Here is the source code to my program
#include <stdio.h>
void main()
{
char** txt;
char* baseAddress;
txt = (char **)malloc(5*sizeof(char*));
*txt = (char *)malloc(20*sizeof(char));
baseAddress = *txt;
while (*(*txt) != 'q')
{
(*txt)++;
scanf("%c", (*txt));
printf("%p\r\n", (*txt));
}
*txt = '\0';
printf("%p", baseAddress);
free(baseAddress);
free(txt);
}
the output is like this
>j
>0x9e12021
>0x9e12022
>s
>0x9e12023
>0x9e12024
>
I think there may be something wrong with the pointers.

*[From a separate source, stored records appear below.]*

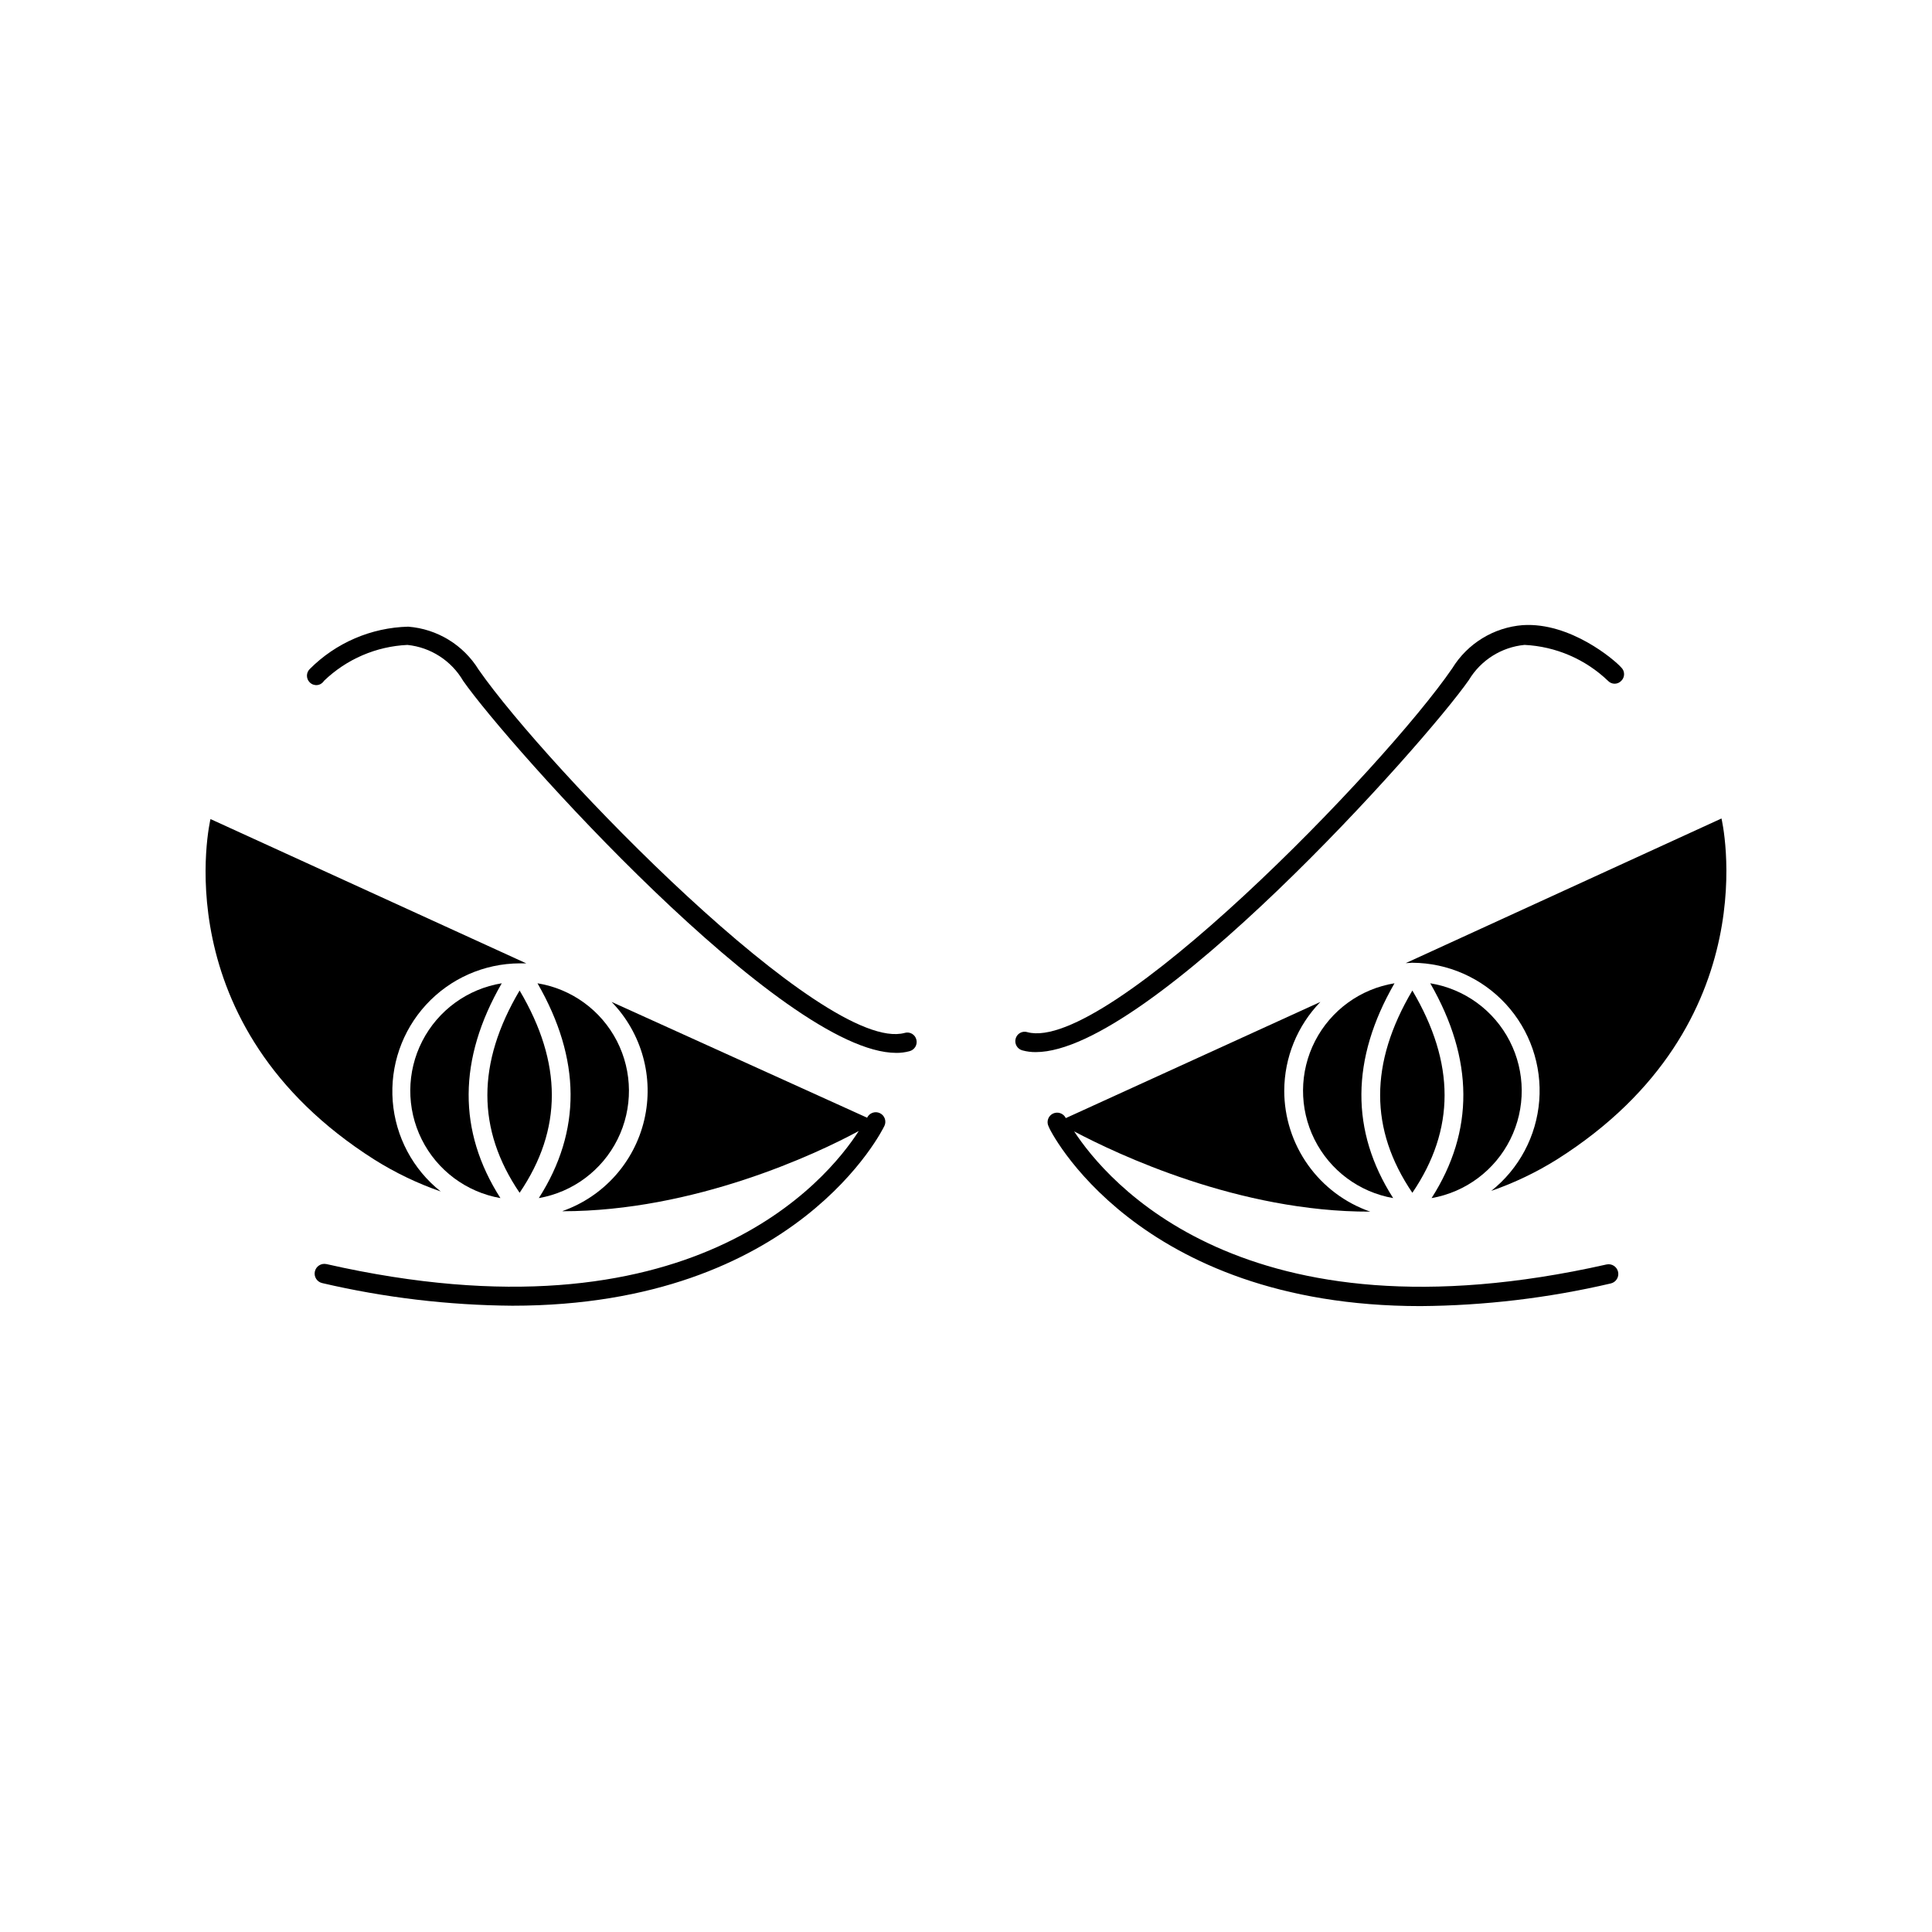 <?xml version="1.0" encoding="UTF-8"?>
<!-- Uploaded to: SVG Repo, www.svgrepo.com, Generator: SVG Repo Mixer Tools -->
<svg fill="#000000" width="800px" height="800px" version="1.1" viewBox="144 144 512 512" xmlns="http://www.w3.org/2000/svg">
 <g>
  <path d="m518.29 399.14c9.418 0.051 18.395 4.016 24.773 10.949s9.582 16.207 8.852 25.598c-0.734 9.391-5.34 18.055-12.719 23.91 6.144-2.133 12.027-4.953 17.535-8.41 56.527-35.82 43.48-90.281 43.48-90.281l-83.684 38.336z"/>
  <path d="m484.34 433.05c0.023-8.785 3.453-17.219 9.574-23.527l-67.461 30.785c-0.613-1.254-2.109-1.789-3.375-1.211-0.613 0.285-1.086 0.801-1.312 1.434-0.227 0.637-0.191 1.336 0.102 1.941 0 0.555 23.176 47.66 98.594 47.66h0.004c16.961-0.129 33.859-2.137 50.379-5.996 1.391-0.305 2.269-1.68 1.965-3.07-0.305-1.391-1.68-2.273-3.074-1.965-96.328 21.715-132.7-22.469-141.07-35.266 11.336 5.996 43.629 21.363 78.441 21.262l0.004-0.004c-6.652-2.32-12.414-6.648-16.496-12.391-4.078-5.742-6.273-12.609-6.277-19.652z"/>
  <path d="m416.27 417.53c-0.648-0.199-1.352-0.125-1.941 0.207-0.594 0.336-1.02 0.898-1.184 1.555-0.168 0.648-0.07 1.34 0.27 1.914 0.34 0.578 0.895 0.996 1.543 1.16 1.148 0.312 2.336 0.465 3.527 0.453 29.926 0 102.83-81.516 114.77-98.594 3.164-5.273 8.641-8.73 14.762-9.32 8.277 0.406 16.129 3.785 22.117 9.52 0.457 0.488 1.094 0.766 1.762 0.766 0.668 0 1.305-0.277 1.762-0.766 0.477-0.465 0.742-1.098 0.742-1.762 0-0.664-0.266-1.301-0.742-1.762-1.762-2.016-13.504-12.043-26.098-11.234v-0.004c-7.699 0.602-14.648 4.856-18.691 11.438-18.035 26.301-91.539 102.12-112.6 96.43z"/>
  <path d="m523.03 404.58c11.586 20.152 11.688 39.195 0.352 56.93h0.004c9.035-1.582 16.777-7.363 20.863-15.574 4.086-8.211 4.027-17.879-0.16-26.039-4.188-8.16-12.004-13.844-21.059-15.316z"/>
  <path d="m513.56 404.58c-9.055 1.473-16.871 7.156-21.059 15.316-4.188 8.16-4.246 17.828-0.16 26.039 4.086 8.211 11.828 13.992 20.863 15.574-11.336-17.73-11.234-36.828 0.355-56.93z"/>
  <path d="m518.29 406.5c-11.387 19.246-11.387 36.828 0 53.605 11.387-16.777 11.387-34.359 0-53.605z"/>
  <path d="m293.09 464.99c34.812 0 67.156-15.113 78.492-21.262-8.312 12.949-44.535 57.184-141.07 35.266v0.004c-1.391-0.305-2.766 0.574-3.07 1.965-0.309 1.391 0.57 2.766 1.965 3.074 16.52 3.856 33.414 5.863 50.379 5.992 75.57 0 98.344-47.105 98.594-47.66h0.004c0.598-1.266 0.055-2.777-1.211-3.375-1.266-0.598-2.777-0.055-3.375 1.211l-67.711-30.684c8.02 8.266 11.281 20.051 8.652 31.266-2.629 11.215-10.789 20.316-21.652 24.156z"/>
  <path d="m243.26 451.34c5.508 3.457 11.391 6.281 17.535 8.414-7.379-5.859-11.984-14.52-12.719-23.914-0.73-9.391 2.477-18.664 8.855-25.594 6.375-6.934 15.352-10.898 24.77-10.949h1.762l-83.68-38.238s-13.051 54.461 43.477 90.281z"/>
  <path d="m229.86 324.43c5.973-5.754 13.832-9.137 22.117-9.52 6.156 0.637 11.641 4.172 14.762 9.52 11.941 17.078 84.84 98.594 114.77 98.594l-0.004 0.004c1.191 0.012 2.379-0.141 3.527-0.453 0.648-0.168 1.203-0.586 1.547-1.16 0.34-0.578 0.434-1.266 0.266-1.914-0.164-0.66-0.59-1.223-1.18-1.555-0.594-0.332-1.293-0.41-1.941-0.207-21.16 5.691-94.617-70.078-112.85-96.227l-0.004-0.004c-4.039-6.582-10.988-10.836-18.691-11.434-9.82 0.246-19.164 4.269-26.098 11.234-0.473 0.465-0.738 1.098-0.738 1.762 0 0.664 0.266 1.301 0.738 1.766 0.52 0.527 1.25 0.793 1.988 0.715 0.738-0.078 1.398-0.492 1.793-1.121z"/>
  <path d="m276.97 404.58c-9.055 1.473-16.871 7.156-21.059 15.316-4.188 8.16-4.246 17.828-0.16 26.039s11.832 13.992 20.867 15.574c-11.336-17.73-11.238-36.828 0.352-56.93z"/>
  <path d="m286.79 461.51c9.035-1.582 16.781-7.363 20.867-15.574 4.086-8.211 4.023-17.879-0.164-26.039-4.188-8.16-12.004-13.844-21.055-15.316 11.586 20.102 11.688 39.199 0.352 56.93z"/>
  <path d="m281.7 460.1c11.387-16.777 11.387-34.359 0-53.605-11.387 19.246-11.387 36.828 0 53.605z"/>
 </g>
</svg>

How do I go about accomplishing this? and sorry for the bad english
What exacty you code do :
+----------------------------------------------+
| +--------------------------------------+ |
| txt|*txt |*txt+1 |*txt+2 |*txt+3 |*txt+4 | |
| +--------------------------------------+ |
| ^ ^ no memory alloc ^ |
| | |_______not used_______| |
| +----+ |
|*txt |____| <------------------------------+---you never give a value here,
| +1 |____| <--j |
| +2 |____| <-- '\n' |
| +3 |____| <--s |
| +4 |____| <-- '\n' |
| . . |
| . . |
| . ____ |
| +19 |____| |
+----------------------------------------------+
So you need :
re-write you while loop and deal with the '\n'
when user type q , alloc new string memory and collect user input .
Suggust:
In you fisrt string
Use txt[0] instead of *txt , use txt[0][i] and i++ instead of **txt and (*txt)++ .
Hope can help. :-)
You are forgetting about the newline character.
For instance, you are probably imagining your input to be "js". However, since you are hitting the enter key, it is actually "j\ns\n".
So, you are entering two characters at a time, and it is reading two characters at a time. Your code is behaving just as it should.